In seinem eigenen Institut untersucht Schmidt unter anderem die
Wirkungsweise des Bakteriums Escherichia coli im menschlichen Darm. Die
ins Visier genommenen E. coli schütten keines der bekannten
"klassischen" Toxine aus, sondern injizieren so genannte
Effektor-Proteine, die die Signalübertragung der Zellen durcheinander
bringen und dadurch Erkrankungen verursachen. Im Verlauf der Infektion
werden einerseits die Verbindungen zwischen den Zellen gelöst,
andererseits die Absorption von Nährstoffen erschwert, weil die dafür
zur Verfügung stehende Oberfläche reduziert wird.
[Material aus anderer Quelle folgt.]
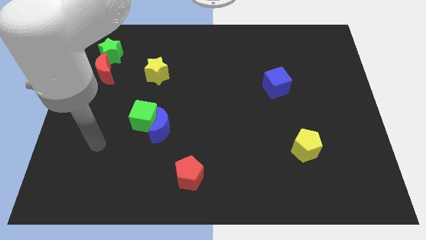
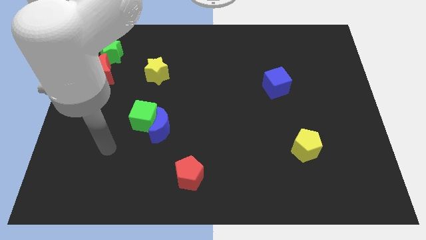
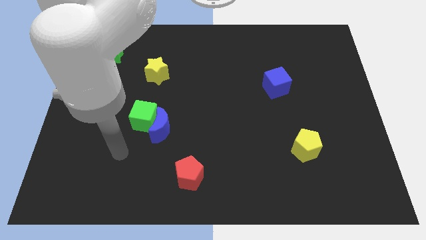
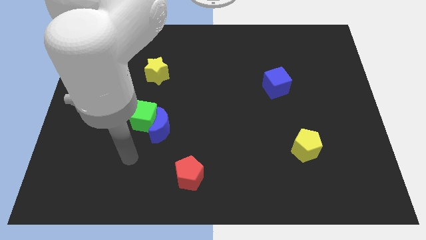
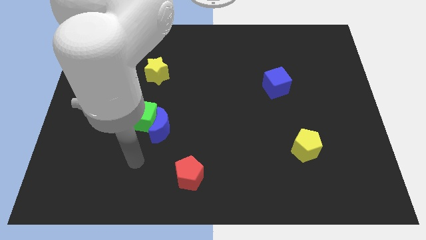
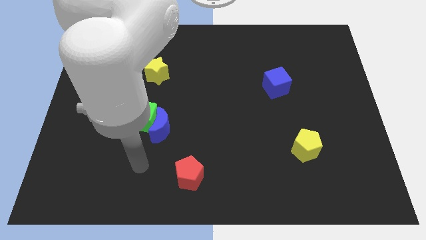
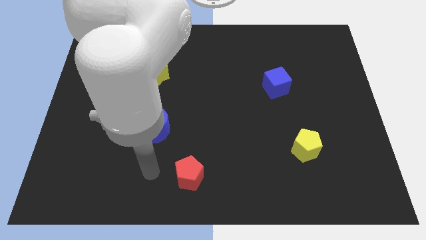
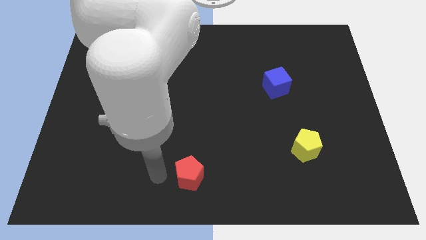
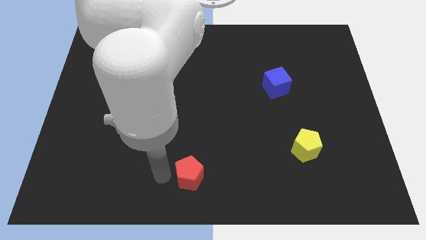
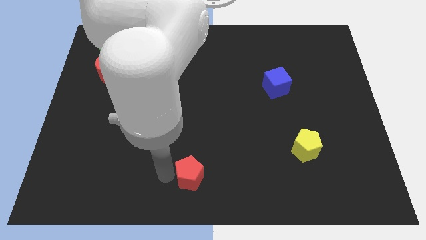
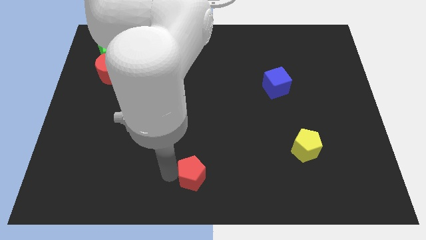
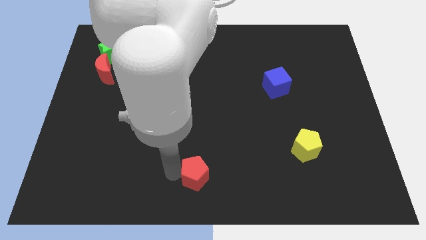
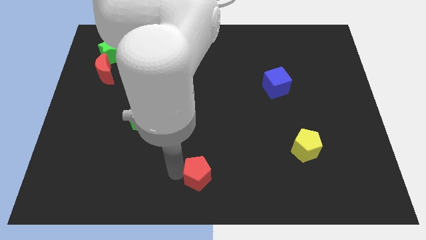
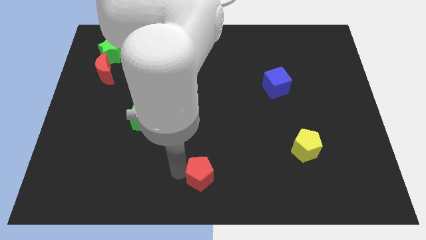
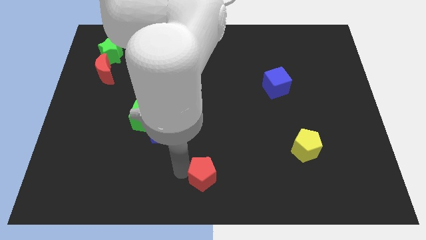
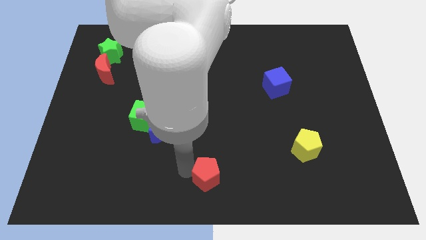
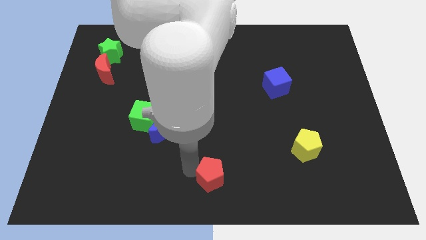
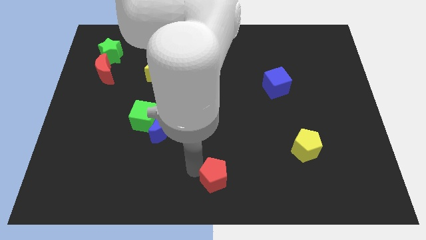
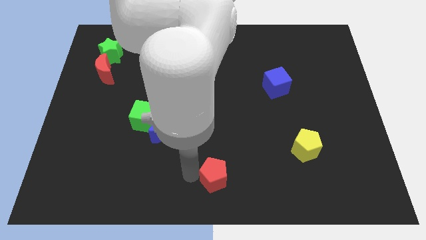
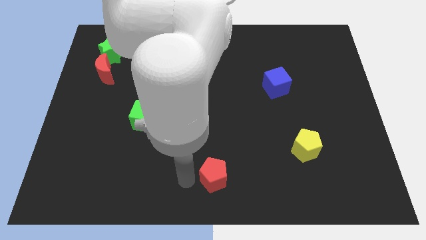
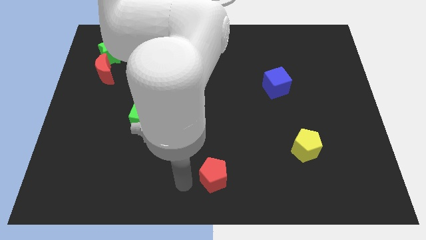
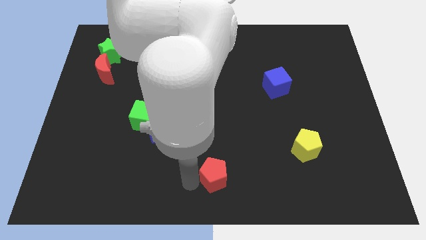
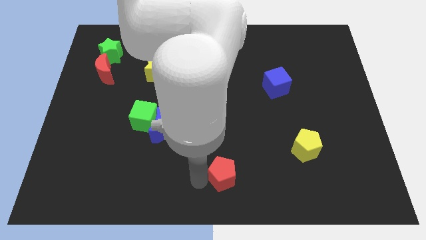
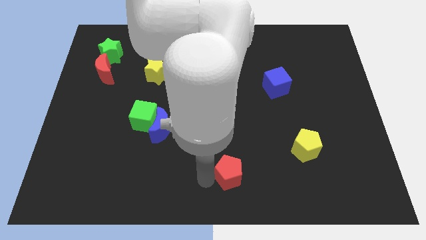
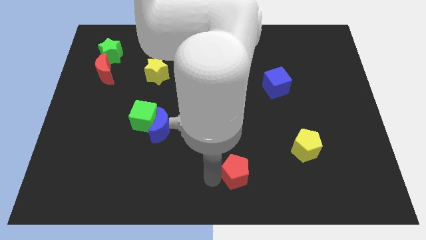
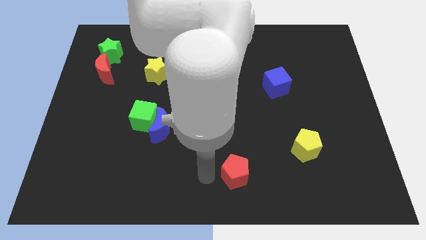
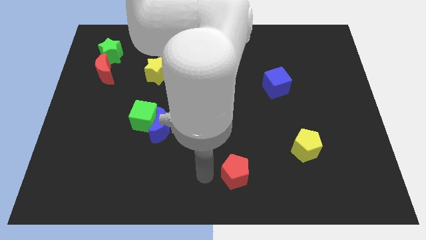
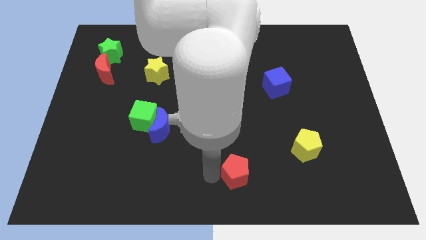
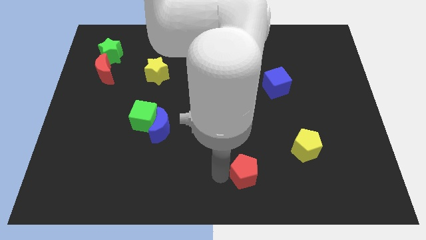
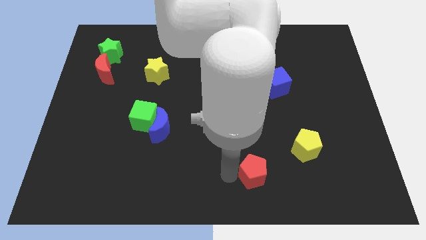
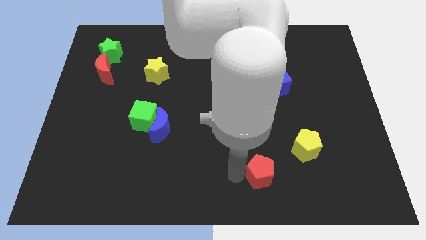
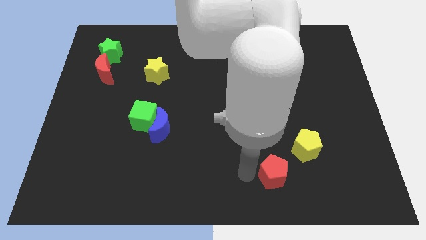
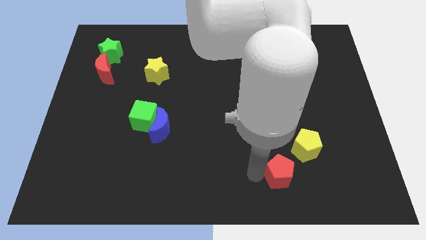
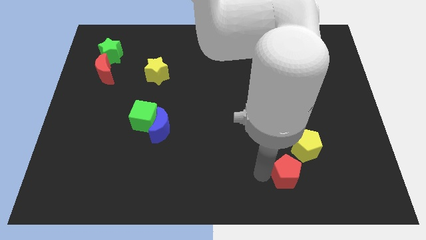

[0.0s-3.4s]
slide the red pentagon right

Das führt letztlich
zu Wasserverlust und Durchfall. "Das ist ein sehr komplexer Vorgang, an
dem sehr viele Proteine beteiligt sind", erklärt Schmidt. "Wir wollen
herausfinden, was die Proteine im Einzelnen verursachen und welches
ihre Interaktionspartner in der jeweiligen Zielzelle sind."
Ist klar, welche der zahlreichen Proteine zur Pathogenese beitragen,
könnten beispielsweise vorbeugende Impfstoffe entwickelt werden.
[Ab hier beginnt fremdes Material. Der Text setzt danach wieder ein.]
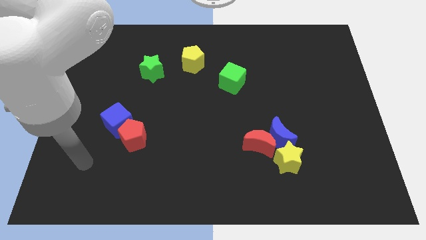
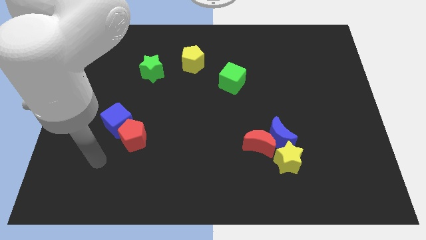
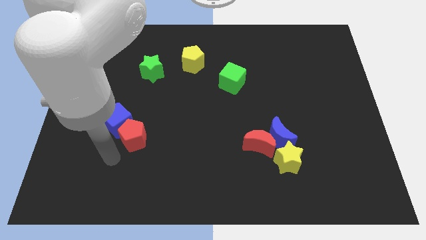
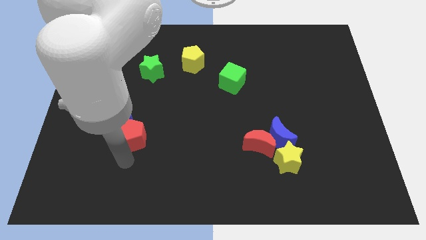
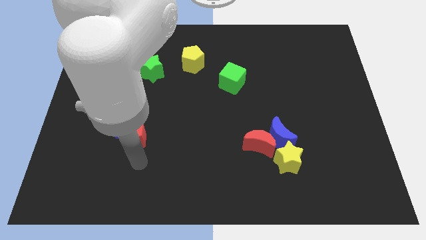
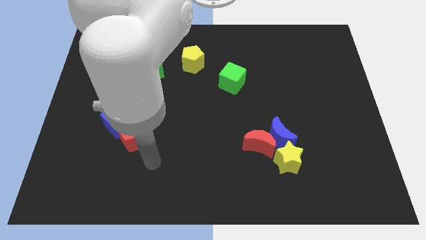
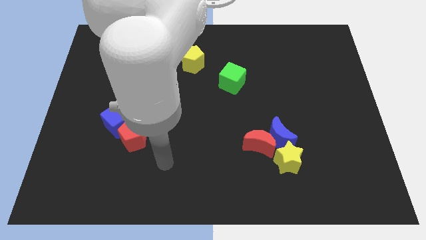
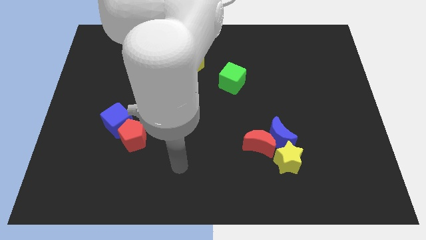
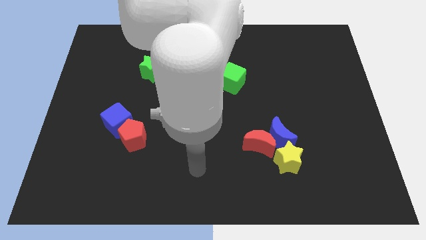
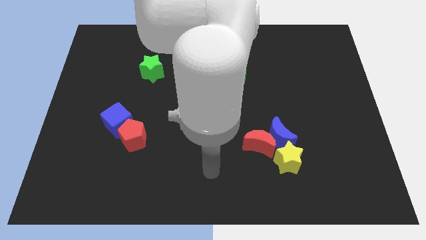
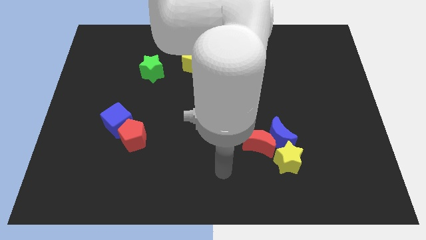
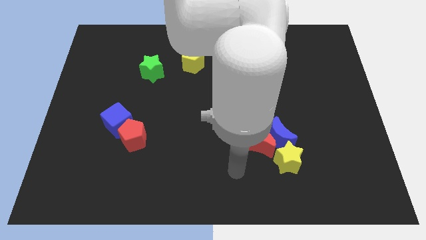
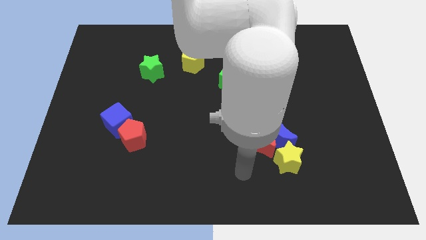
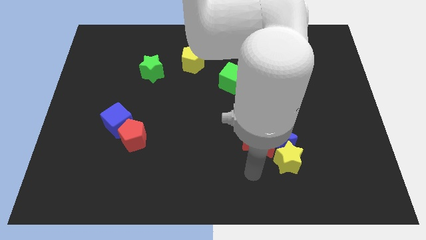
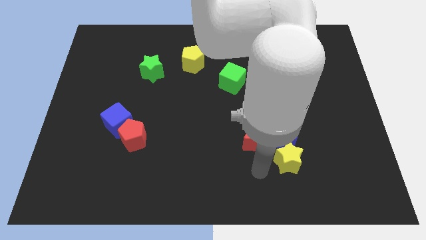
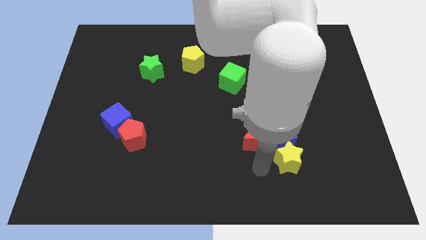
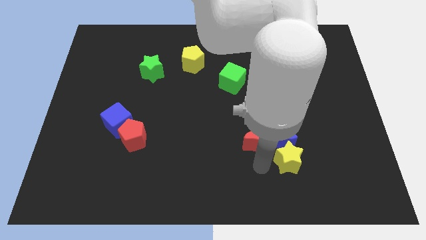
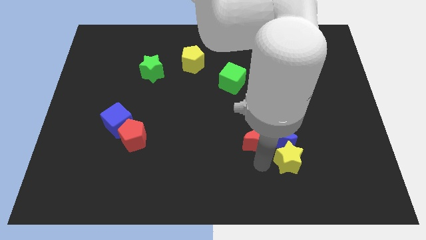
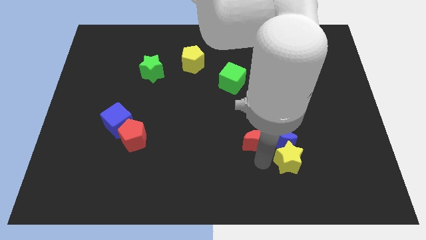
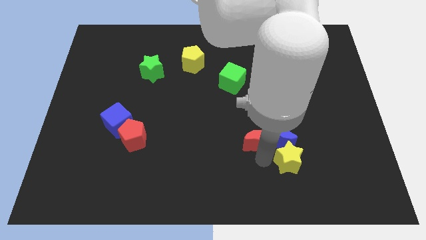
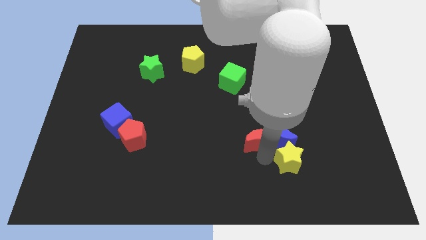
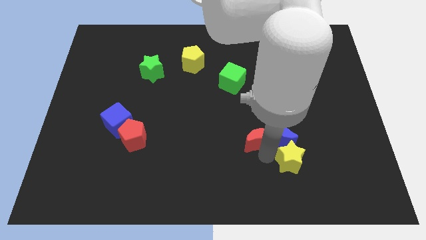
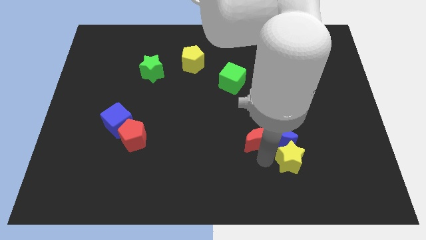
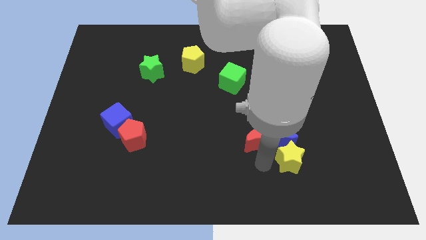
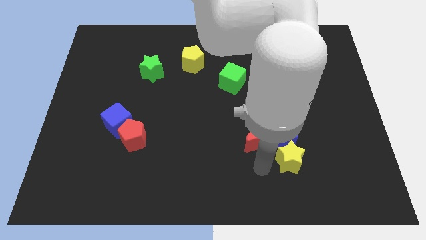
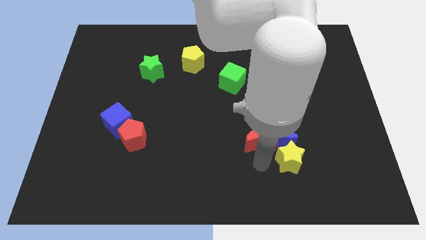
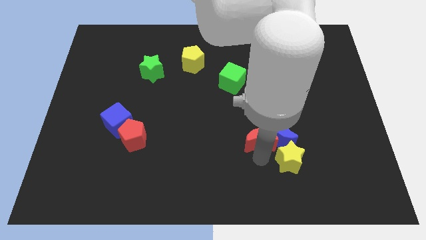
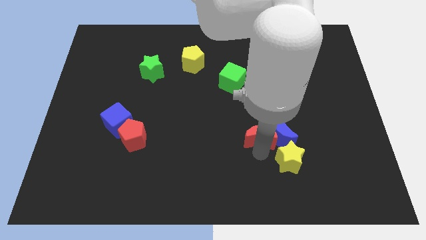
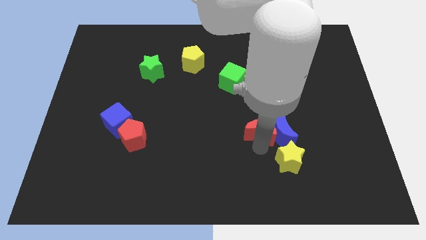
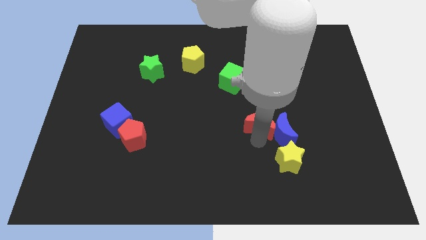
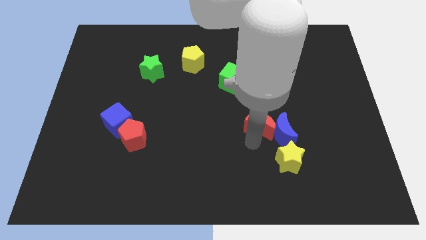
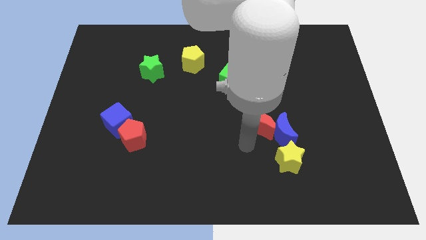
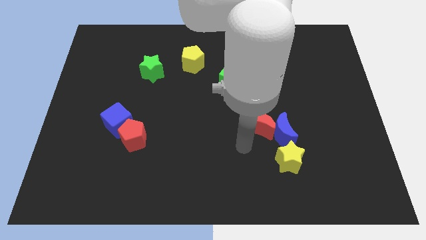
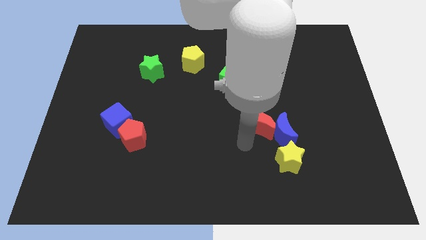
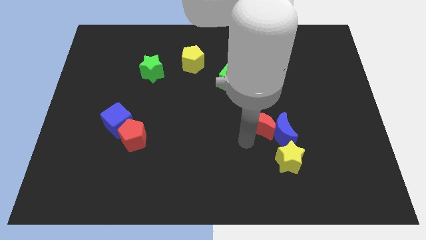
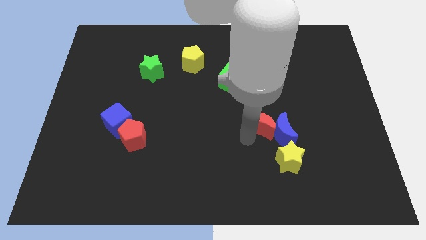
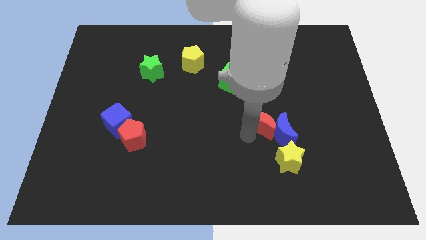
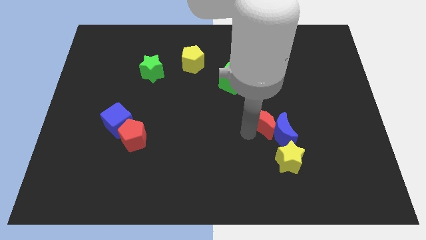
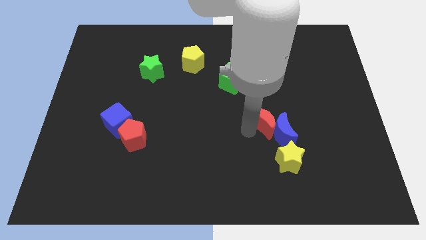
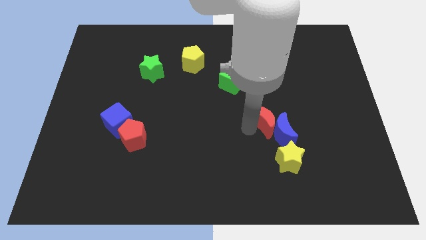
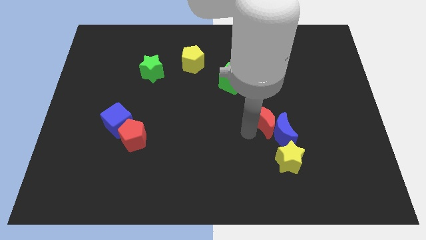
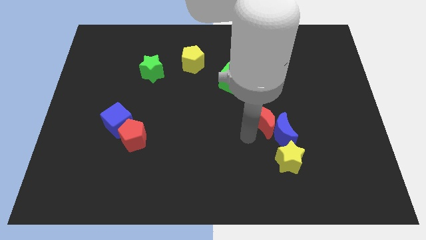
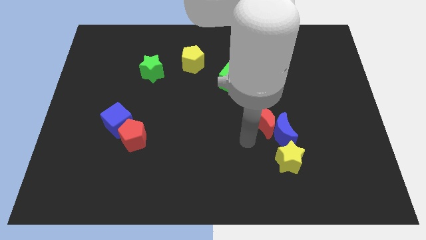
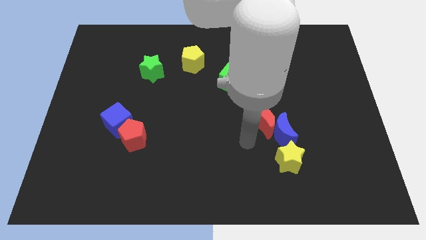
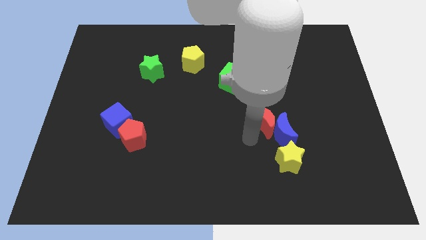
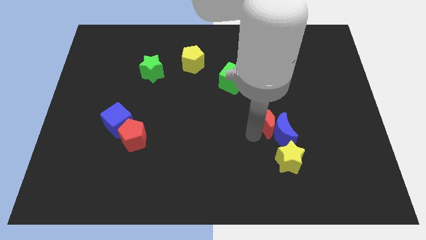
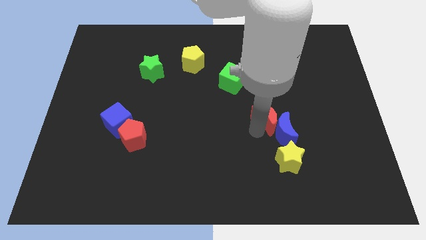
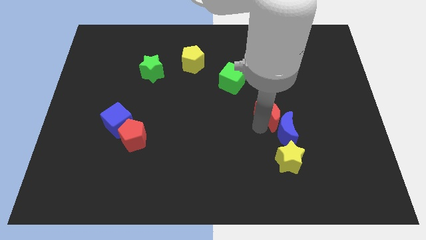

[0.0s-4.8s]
move the red moon a little up and then right

Geklärt werden könnte auch, warum einige Personen erkranken, obwohl
viele Menschen diese bakteriellen Erreger am und im Körper tragen, ohne
dass sie krank werden.
Auch die Wechselwirkungen von E. coli mit den
Immunzellen des Darms hat Schmidt im Blick. Noch ist unbekannt, wie
bestimmte pathogene E. coli durch M-Zellen erkannt und mit Hilfe von
über die so genannten Peyerschen Plaques induzierten Abwehrreaktionen
unschädlich gemacht werden. "Bisher ist es nicht gelungen,
entsprechende Zelllinien zu kultivieren, mit denen wir im Labor
arbeiten könnten", berichtet Schmidt.
Schmidt ist hoffnungsvoll, dass es gelingt, viele der drängenden offenen Fragen zu beleuchten, hat die Deutsche Forschungsgemeinschaft durch die Bewilligung des Graduiertenkollegs doch die bundesweit einmalige Expertise Münsters bestätigt.